Have fun at the Olive Garden and the Cheesecake Factory. (just kidding)
I guess you weren’t really an UWS Guy after all. It’s not for everyone, that’s for sure. But for most of us, we don’t just want to live here, we NEED it.
I plan on dying on the UWS and having my ashes dumped into the Hudson River or maybe the 91st Street Garden in RSP:)
Yeah I’m pretty burned out on bagels and hamentashen. A Taco Bell drive-thru is sounding so amazing right now!!
Today, I sat in my car and saw the Street Sweeper but it only did half of the one side of the street. THE STREETS WERE NOT THAT DIRTY anyway after many weeks.
Suggestion, reduce to once a week and put some trash cans back that were removed.
It would be great to organize a morning applause day for the amazing DSNY. Which handles all the stuff we dont want to touch every day. Often they come early in the morning. The times are not the same. And they don’t come every day to every block. So Im not sure how we could surprise them with this. All suggestions welcome. Is anyone else interested?
Not interested at all. If you were aware of their generous salaries and benefits, you probably wouldn’t adore them so much. I don’t understand the need to keep making new ‘heroes’ out of ordinary workers. They might be essential but certainly not equivalent to frontline workers.
How much more frontline do you get?
I don’t begrudge them their salary and benefits. I don’t want to do that job and would have to be paid a lot to do it.
What happened with not issuing tickets for not moving vehicles?
Are you serious? With so many people home and out of work, you appear to be intrigued that folks should have received tickets for not moving their vehicles.
If they’re home, how difficult is it to move their car for 90 minutes so the streets can be cleaned? One parked car prevents the sweeper from cleaning close to three parking spots. They deserve a fine if they don’t comply.
My observation – for some strange reason, the sweepers seem to come by the e/w streets only during the last 10 minutes of alternate side – by which time no one will move anymore – and since the guys writing tickets seem to descend on the block 1 minute after alternate side starts and then are gone, there is little chance of a summons at this point.
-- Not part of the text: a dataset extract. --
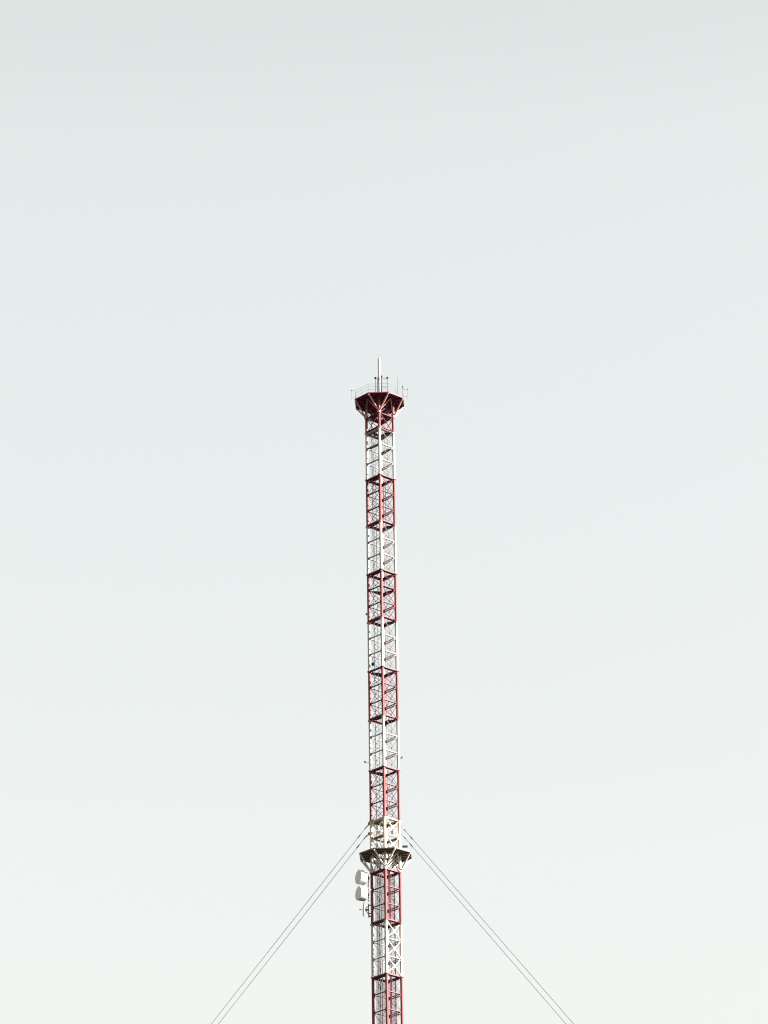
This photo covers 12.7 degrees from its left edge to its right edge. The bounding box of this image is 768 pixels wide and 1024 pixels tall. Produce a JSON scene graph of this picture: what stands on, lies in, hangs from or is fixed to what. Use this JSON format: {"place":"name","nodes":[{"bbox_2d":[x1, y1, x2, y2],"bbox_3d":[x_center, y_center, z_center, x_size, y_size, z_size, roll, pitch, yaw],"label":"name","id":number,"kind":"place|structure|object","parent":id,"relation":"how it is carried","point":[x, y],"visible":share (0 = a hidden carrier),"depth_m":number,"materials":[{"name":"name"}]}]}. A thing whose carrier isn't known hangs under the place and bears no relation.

A favorite trick on my block is the drivers exit their parked car when the sweeper approaches so there is no amount of sweeeper driver
persuasion that can make the car move. Also, since special street parking areas (teachers for example on school blocks) are always in the same spot,
instead of rotating sides, many sections of street never get cleaned. It’s a broken system.
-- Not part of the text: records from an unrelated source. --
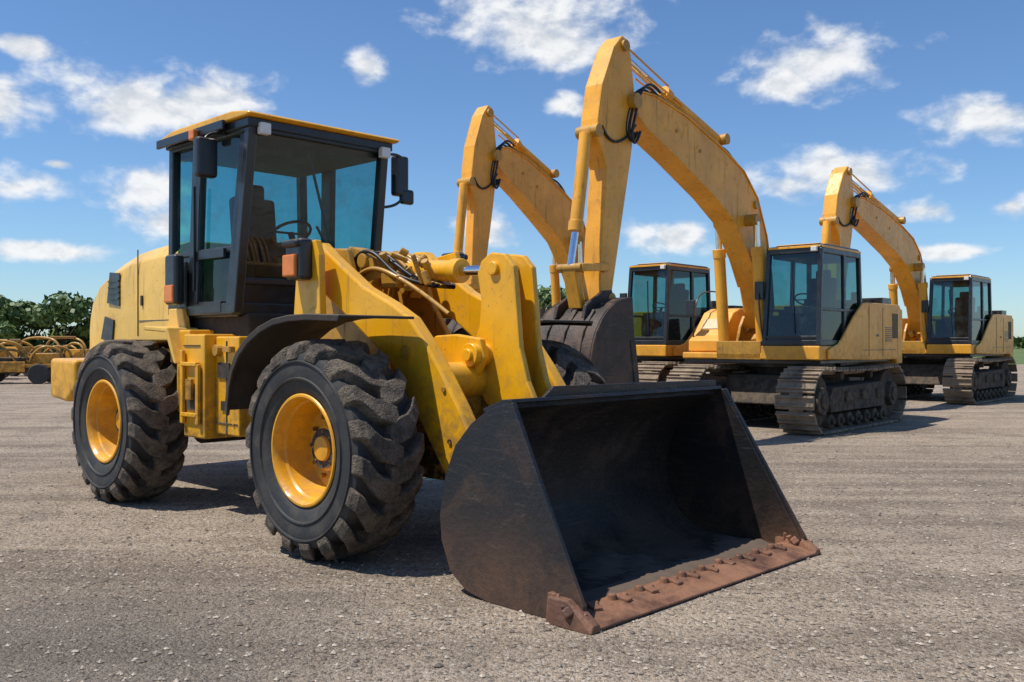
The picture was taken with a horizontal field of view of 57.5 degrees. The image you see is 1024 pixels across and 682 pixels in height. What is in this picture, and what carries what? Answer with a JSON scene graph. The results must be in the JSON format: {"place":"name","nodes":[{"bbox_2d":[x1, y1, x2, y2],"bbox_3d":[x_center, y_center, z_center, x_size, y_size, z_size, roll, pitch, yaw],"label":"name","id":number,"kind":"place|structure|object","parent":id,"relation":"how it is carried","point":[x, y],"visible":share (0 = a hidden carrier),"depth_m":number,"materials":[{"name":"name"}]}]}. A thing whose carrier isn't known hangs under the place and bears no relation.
{"place":"outdoors","nodes":[
{"label":"outdoors","id":0,"kind":"place"},
{"bbox_2d":[0,364,1023,681],"bbox_3d":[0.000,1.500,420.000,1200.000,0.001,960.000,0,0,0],"label":"ground","id":1,"kind":"structure","parent":0,"point":[34,414],"depth_m":5.70,"materials":[{"name":"grey gravel"}]},
{"bbox_2d":[0,342,21,376],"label":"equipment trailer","id":2,"kind":"object","parent":1,"relation":"on","point":[3,354],"visible":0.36,"depth_m":37.23,"materials":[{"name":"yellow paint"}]},
{"bbox_2d":[0,339,72,383],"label":"farm cultivator","id":3,"kind":"object","parent":1,"relation":"on","point":[35,366],"visible":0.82,"depth_m":32.56,"materials":[{"name":"yellow paint"}]},
{"bbox_2d":[6,336,89,375],"bbox_3d":[-19.121,0.645,39.862,5.406,1.710,1.940,0,0,20],"label":"farm cultivator","id":4,"kind":"object","parent":1,"relation":"on","point":[79,353],"visible":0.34,"depth_m":39.48,"materials":[{"name":"yellow paint"}]},
{"bbox_2d":[0,284,566,352],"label":"distant trees","id":5,"kind":"object","parent":1,"relation":"on","point":[27,315],"visible":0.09,"depth_m":55.80,"materials":[{"name":"green plant"}]},
{"bbox_2d":[51,110,820,634],"bbox_3d":[-1.589,-0.227,8.368,7.905,3.466,2.752,0,0,44],"label":"wheel loader","id":6,"kind":"object","parent":1,"relation":"on","point":[353,396],"visible":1,"depth_m":6.77,"materials":[{"name":"metal"}]},
{"bbox_2d":[444,105,742,382],"bbox_3d":[1.988,-1.569,20.116,3.814,6.179,7.832,0,0,41],"label":"excavator","id":7,"kind":"object","parent":1,"relation":"on","point":[519,173],"visible":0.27,"depth_m":19.10,"materials":[{"name":"metal"}]},
{"bbox_2d":[541,36,906,435],"bbox_3d":[3.797,-1.398,15.554,2.814,5.836,9.090,0,0,41],"label":"excavator","id":8,"kind":"object","parent":1,"relation":"on","point":[797,327],"visible":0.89,"depth_m":15.24,"materials":[{"name":"metal"}]},
{"bbox_2d":[819,166,1017,404],"bbox_3d":[9.550,-1.111,22.478,2.814,5.264,9.719,0,0,41],"label":"excavator","id":9,"kind":"object","parent":1,"relation":"on","point":[953,326],"visible":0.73,"depth_m":22.64,"materials":[{"name":"metal"}]},
{"bbox_2d":[0,0,1023,342],"label":"sky","id":10,"kind":"structure","parent":0,"point":[923,100],"materials":[{"name":"blue"}]},
{"bbox_2d":[53,344,1023,363],"bbox_3d":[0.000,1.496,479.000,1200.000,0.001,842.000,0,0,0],"label":"grass field","id":11,"kind":"structure","parent":0,"point":[1018,355],"depth_m":90.08,"materials":[{"name":"green plant"}]},
{"bbox_2d":[1013,336,1023,348],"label":"distant hedge","id":12,"kind":"object","parent":11,"relation":"on","point":[1018,343],"visible":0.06,"depth_m":183.37,"materials":[{"name":"green plant"}]}
]}

almost 1/2 of UWS disembarked for their 2nd homes when pandemic hit hard so this is not the time to be judging the need for street sweeping.
all sorts of critters burrow in if not for sweeper trucks
If anything an added sweep using a disinfecting cleanser would be appropriate.
We dont want the smelly city of the 70’s to return
I am a sweeper operator an I’d like to thank you for your article as a sweeper I don’t think the public no we are just as important as the garbage man is it because are work is at night mostly now I hope people can recognize the importance of our job just as much as a front liner is say are job is very important at most not the most pleasent at times kinda gross but yet it’s my job so thank you for the reconciliation if there could be that day on the calendar for that day of reconciliation that would be a day lol so if more people could no us an garbage men both have a job just as much as the one cursing us as they pass us people ought to take a moment an not be in such a hurry as you did thank u
Bravo to you and other NYC municipal services workers–trash collection, water supply and swage treatment, especially. Can you WFH people imagine what we/you would do without those smoothly functioning services?! I think about them every time I run some clean water or flush the toilet, let alone take trash and recycling down to the basement. And that prompts thanks to our stalwart building services workers too.
Sorry, I just don’t see it. Honestly, I think we’d be fine with monthly street cleanings. Especially in a city/state that’s suddenly in economic crisis. But I’m sure that won’t happen. Bc we’ve always been doing it.